# Questions On Diving Equipment



## fourwalls (Sep 21, 2007)

I have an opportunity to buy, from a friend, a complete set of diving equipment for my DH for Christmas. She said it is everything needed to dive for $500. is this a good price. the stuff looks brand new and never used. and includes a tank, BC, regulator, octopus, boots,gloves, hat, suite, weights, belt.& etc. i know I should have it inspected and tested by a professional and will. should I go ahead and get it or pass it up? He has talked about taking dive lessons for a couple of years and if he had the gear I think he might go ahead and follow his dream. He can be signed up for proper instruction at the collage where I work for a small fee. All feed back will be appreciated. Thanks in advance.


----------



## Guest (Nov 18, 2008)

That's a very good price, if the equipment is all operational. I would ask your friend if you can have it examined/tested before you agree to buy it. The price is also governed by the brand names of the equipment. I like U.S.Divers, but there are several good brands, including that old French guy.
















Happy Camping,

Gary


----------



## fourwalls (Sep 21, 2007)

She said I could take it and have it tested and would hear of no less. She said the tank is due for its semiannual test and would take me to the place to have that done. These people will be my DH dive partners so if something goes wrong they will be the ones getting him out. We have been camping with them for the summer and I think it will be ok. just needed some reassurance. thanks.


----------



## rjsurfer (Dec 19, 2007)

I wouldn't worry about the "safety or quality" of a basic set up, diving equipment is designed from the cheapest on up to be RELIABLE. Manufacturers fully understand whats at stake when designing and manufacturing their equipment. But it would be prudent to have it checked out anyway

I started diving when I was 14 using a double hose regulator, I'm 60 now, so I know what I'm talking about.

Ron W.


----------



## battalionchief3 (Jun 27, 2006)

If you dont buy it I will....for that price.


----------



## fourwalls (Sep 21, 2007)

Thanks to all of you. I will call her after work today and get it for him.
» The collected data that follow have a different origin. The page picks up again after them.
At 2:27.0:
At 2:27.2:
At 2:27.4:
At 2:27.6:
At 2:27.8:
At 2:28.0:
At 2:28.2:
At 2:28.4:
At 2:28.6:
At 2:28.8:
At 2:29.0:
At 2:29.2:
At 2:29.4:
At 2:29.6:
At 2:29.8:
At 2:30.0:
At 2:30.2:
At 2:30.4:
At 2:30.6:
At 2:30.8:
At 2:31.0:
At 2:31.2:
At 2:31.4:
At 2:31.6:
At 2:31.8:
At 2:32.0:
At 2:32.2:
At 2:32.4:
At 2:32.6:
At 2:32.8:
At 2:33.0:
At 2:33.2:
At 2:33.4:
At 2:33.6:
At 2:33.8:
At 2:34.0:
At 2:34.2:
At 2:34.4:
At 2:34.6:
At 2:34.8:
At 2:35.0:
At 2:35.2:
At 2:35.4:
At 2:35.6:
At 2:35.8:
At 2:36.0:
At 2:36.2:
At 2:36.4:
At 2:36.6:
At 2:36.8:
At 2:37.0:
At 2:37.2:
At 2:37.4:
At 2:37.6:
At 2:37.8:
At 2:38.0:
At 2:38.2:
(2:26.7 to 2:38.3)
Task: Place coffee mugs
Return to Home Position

Will be here soon. and classes start in January here at the collage inside pool. Won't he be surprised







when he opens that little box with the papers of registration in it. Have to hide the big stuff someplace else. He is too good at figuring out what is in those boxes under the tree.


----------



## OutbackPM (Sep 14, 2005)

fourwalls said:


> I have an opportunity to buy, from a friend, a complete set of diving equipment for my DH for Christmas. She said it is everything needed to dive for $500. is this a good price. the stuff looks brand new and never used. and includes a tank, BC, regulator, octopus, boots,gloves, hat, suite, weights, belt.& etc. i know I should have it inspected and tested by a professional and will. should I go ahead and get it or pass it up? He has talked about taking dive lessons for a couple of years and if he had the gear I think he might go ahead and follow his dream. He can be signed up for proper instruction at the collage where I work for a small fee. All feed back will be appreciated. Thanks in advance.
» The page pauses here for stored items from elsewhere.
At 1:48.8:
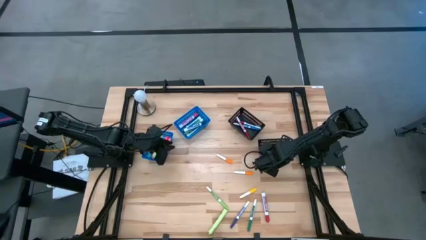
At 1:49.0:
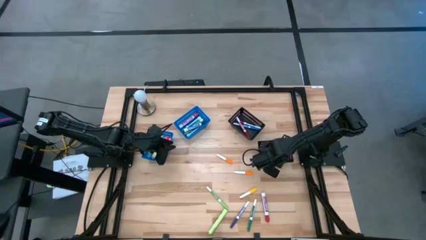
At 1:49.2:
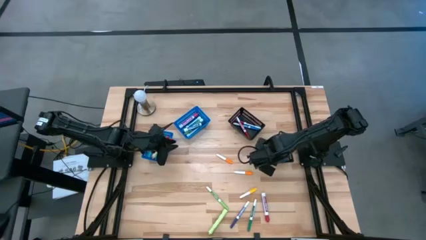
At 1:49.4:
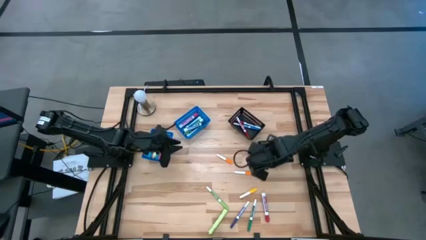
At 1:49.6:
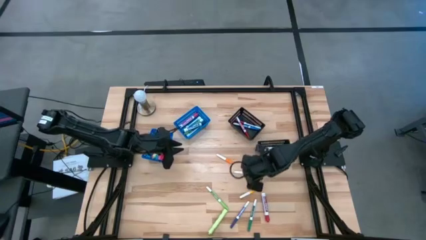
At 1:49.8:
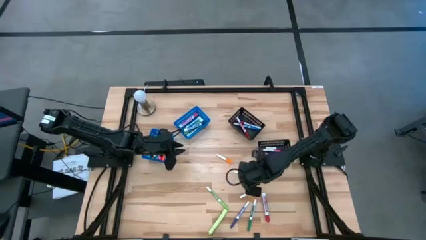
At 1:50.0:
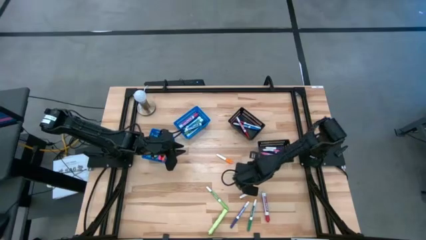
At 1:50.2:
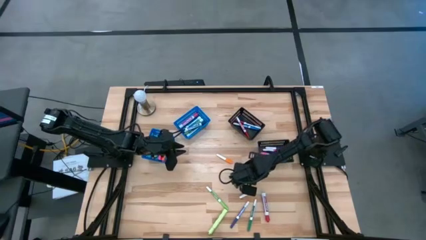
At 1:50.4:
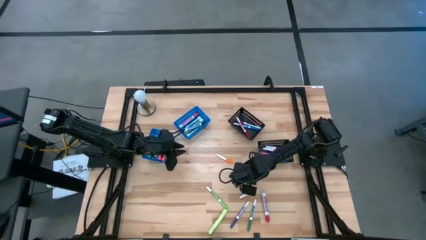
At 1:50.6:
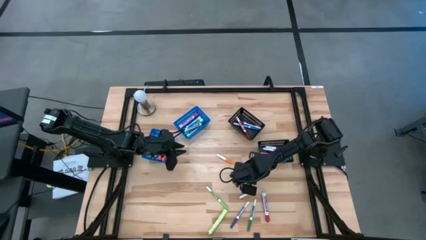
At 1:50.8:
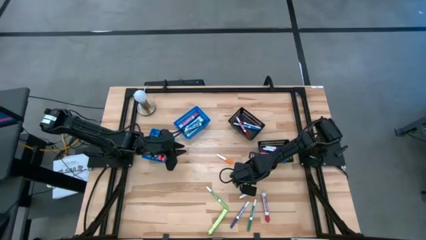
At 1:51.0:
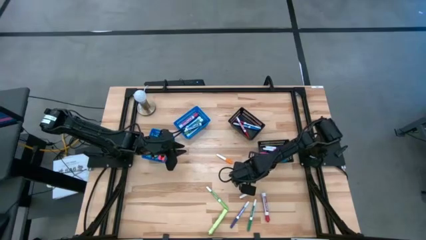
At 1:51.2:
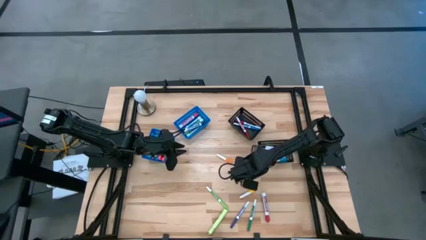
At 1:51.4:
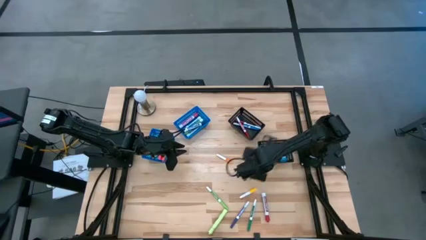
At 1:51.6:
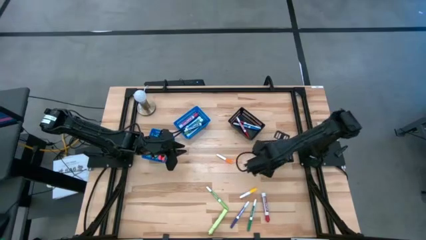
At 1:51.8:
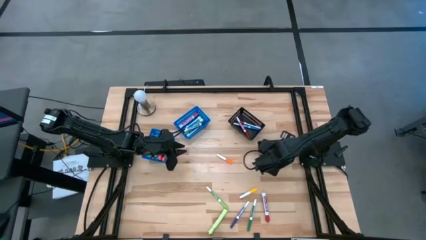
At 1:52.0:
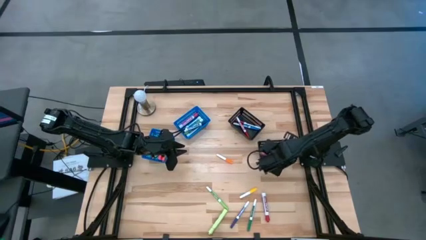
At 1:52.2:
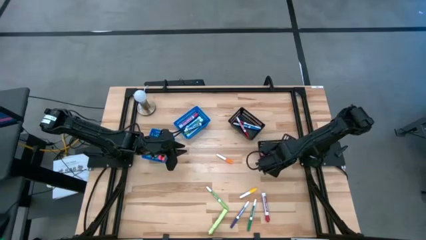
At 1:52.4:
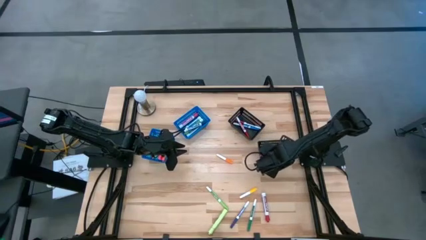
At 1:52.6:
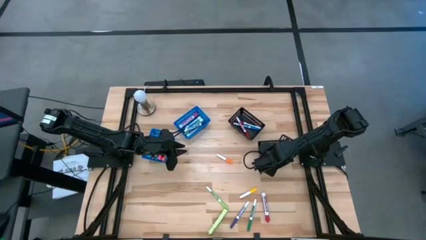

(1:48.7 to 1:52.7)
Task: Pick & Place Markers
Put the bottom orange highlighter pen into the left blue bin

 I am a PADI qualified diver and I only dive on vacation infrequently but I do have some of my own equipeme nt. Suit ,hat, gloves need to fit so do you know if they are the right size. I choose not to have a regulator because I have only gone with an organized dive with a dive master. The companies have regulators and tanks which they maintain. (depending on where in the world you are that maynot be a good thing but in general it is). If like me you are on vacation all this stuff is alot to carry around.
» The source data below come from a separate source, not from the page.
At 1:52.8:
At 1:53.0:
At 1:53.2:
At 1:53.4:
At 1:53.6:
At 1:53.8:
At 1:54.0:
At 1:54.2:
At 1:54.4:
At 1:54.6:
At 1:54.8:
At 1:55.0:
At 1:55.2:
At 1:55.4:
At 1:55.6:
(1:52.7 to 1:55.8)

If he will dive independantly then he will need all the equipement to do that. The other thing to consider but not essential would be a dive computer. These are small but help the diver to stay safe and often allow more down time than using only a dive table. If I dove say once or twice a year I would buy one for peace of mind and best down time.

Hope this helps


----------



## fourwalls (Sep 21, 2007)

thanks I will check into that.


----------



## rdvholtwood (Sep 18, 2008)

fourwalls said:


> Thanks to all of you. I will call her after work today and get it for him.
> 
> 
> 
> ...


Why don't you hide the big stuff somewhere were he won't find it - and - leave a _trail of notes_ leading up to it - We have done this in the past with large items for our kids and it provides not only putting the item out of sight, but, also is fun!!


----------



## fourwalls (Sep 21, 2007)

That is fun. I once got a pair of earrings in a bicycle box.


----------



## wolfwood (Sep 19, 2005)

fourwalls said:


> That is fun. I once got a pair of earrings in a bicycle box.


It's GREAT FUN!!! In fact, the clues & search can go on all day and end AFTER all other gifts have been opened. Wolfwood has seen a Cruise brochure in a refrigerator carton ... a new phone ringing under the couch ... and a remote car starter in the bed sheets. Not sure what I'm gonna do this year but I know what I'm doing 'it' with ..... I just can't tell YOU ahead of time 'cuz Kathy reads these posts, too...









You could have ALOT of fun with the dive gear!


----------



## GarethsDad (Apr 4, 2007)

That's a good price. I paid about $1000.00 for the starter set (tank,pony bottle,bc,gauges,mask,fins,suit,light,dive tool,storage bag) back in the late 80's. James


----------